I have a dataframe using the code
df = sc.parallelize([
(123, 2345,25,""), (123, 2345,29,"NY"), (123,5422,67,"NY"),(123,9422,67,"NY"),(123,3581,98,"NY"),(231, 4322,77,""),(231,4322,99,"Paris"),(231,8342,45,"Paris")
]).toDF(["userid", "transactiontime","zip","location"])

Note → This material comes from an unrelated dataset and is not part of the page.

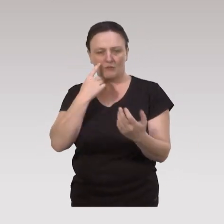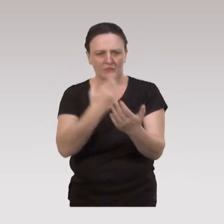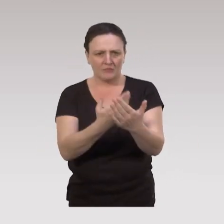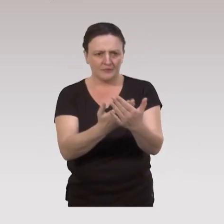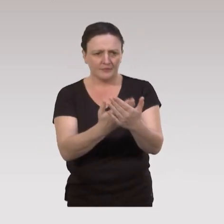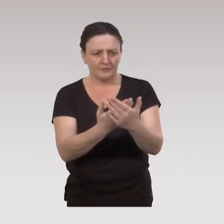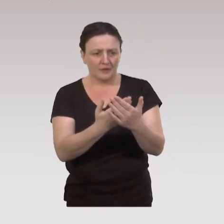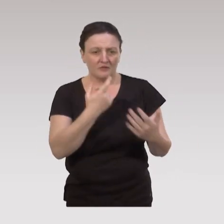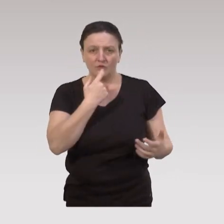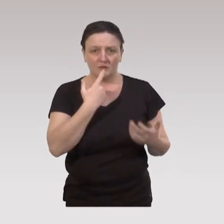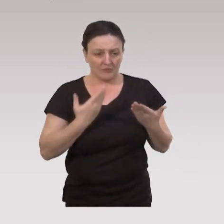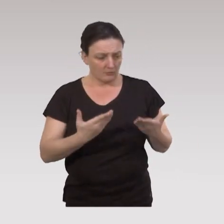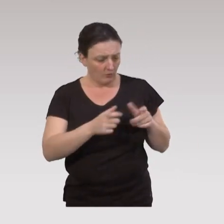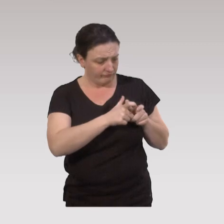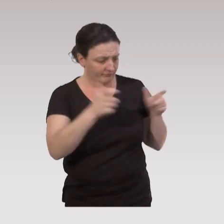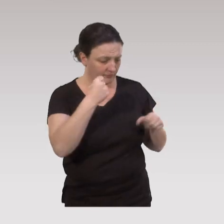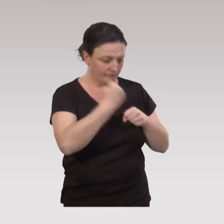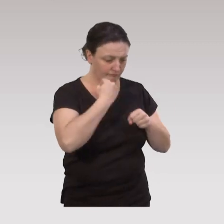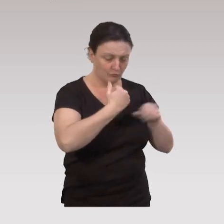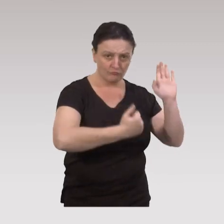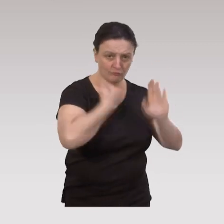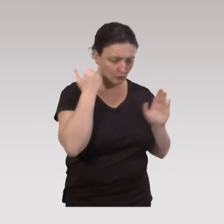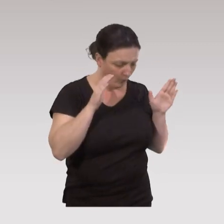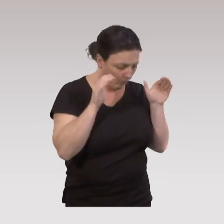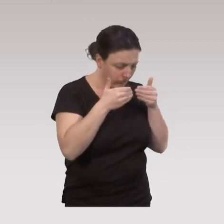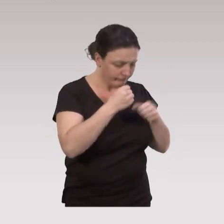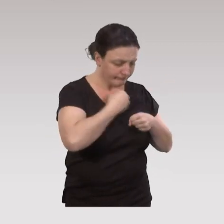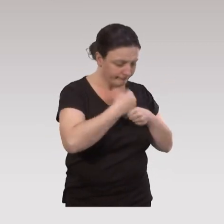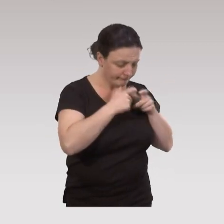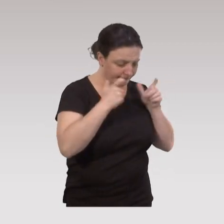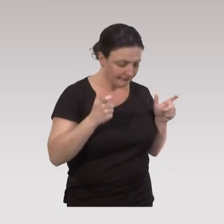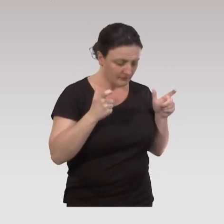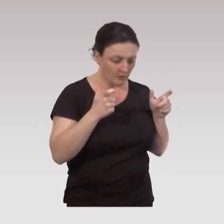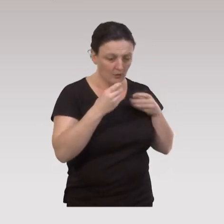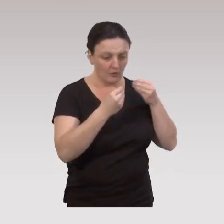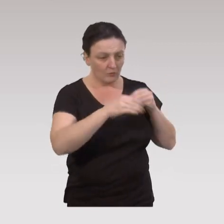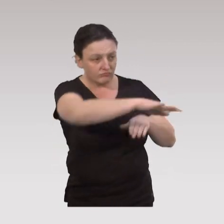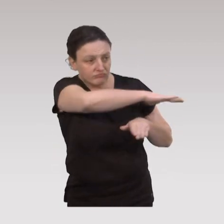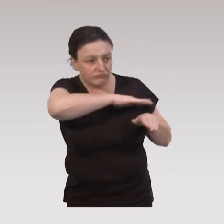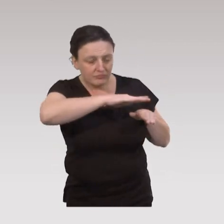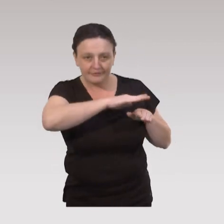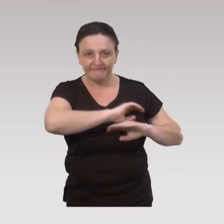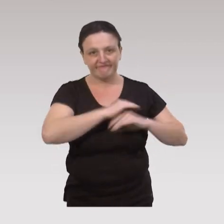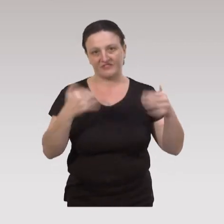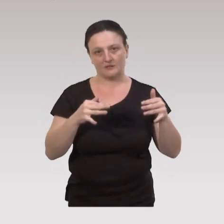On voit bien que l’on ne peut plus travailler tout seul dans son institution, dans son champ d’intervention,
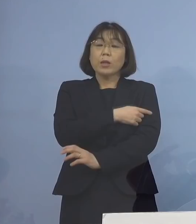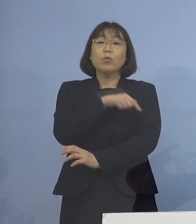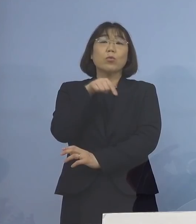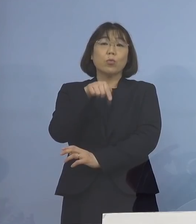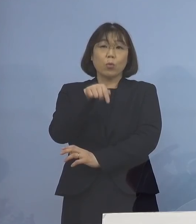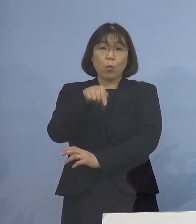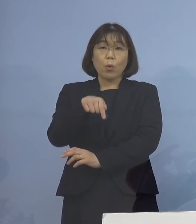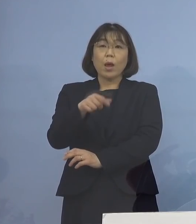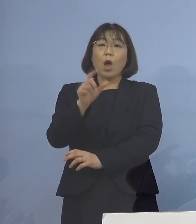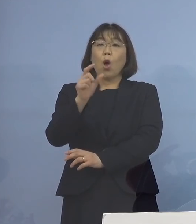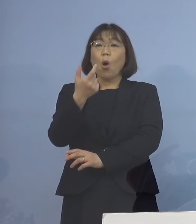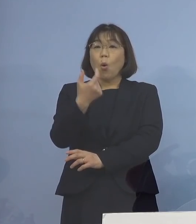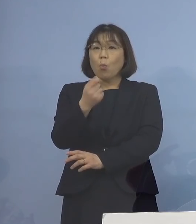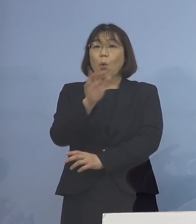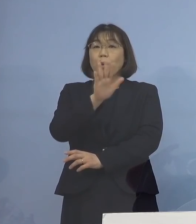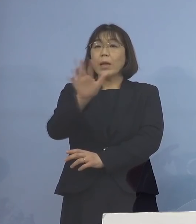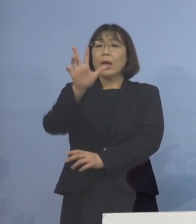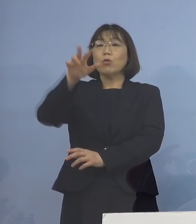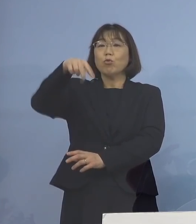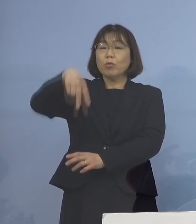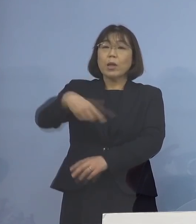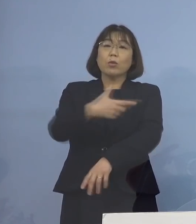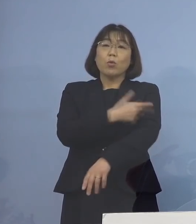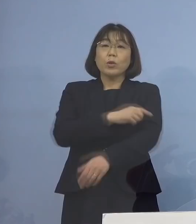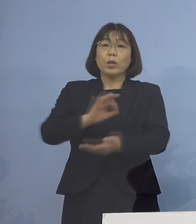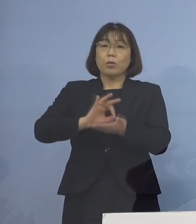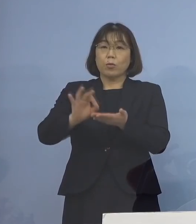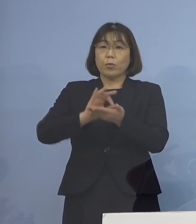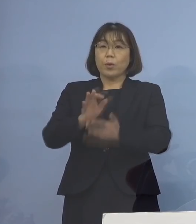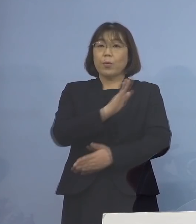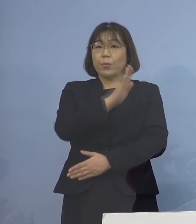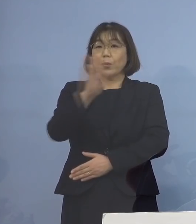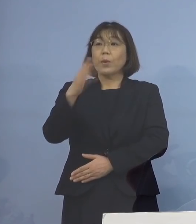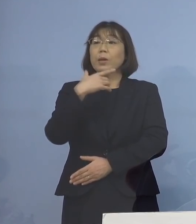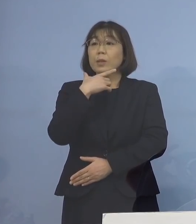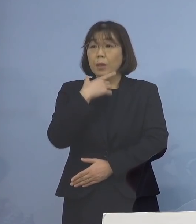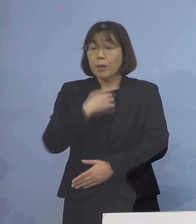モデルナの接種 ご活用をお願いいたしたいと思います

------ --------------- --- --------
|userid|transactiontime|zip|location|
------ --------------- --- --------
| 123| 2345| 25| |
| 123| 2345| 29| NY|
| 123| 5422| 67| NY|
| 123| 9422| 67| NY|
| 123| 3581| 98| NY|
| 231| 4322| 77| |
| 231| 4322| 99| Paris|
| 231| 8342| 45| Paris|
------ --------------- --- --------
I want the output to be like this
------ --------------- --- --------
|userid|transactiontime|zip|location|
------ --------------- --- --------
| 123| 2345| 25| NY|
| 123| 2345| 29| NY|
| 123| 5422| 67| NY|
| 123| 9422| 67| NY|
| 123| 3581| 98| NY|
| 231| 4322| 77| Paris|
| 231| 4322| 99| Paris|
| 231| 8342| 45| Paris|
------ --------------- --- --------
I want to join on userid and transactiontime and fill the city column with the non-null values.
I have tried window function like this
w1 = Window.partitionBy('userid', 'transactiontime').orderBy(col('zip'))
df_new = df.withColumn("newlocation", F.last('location').over(w1))
print(df_new.show())
But this didn't work and i've tried self join as well but couldn't work that as well. Any help ??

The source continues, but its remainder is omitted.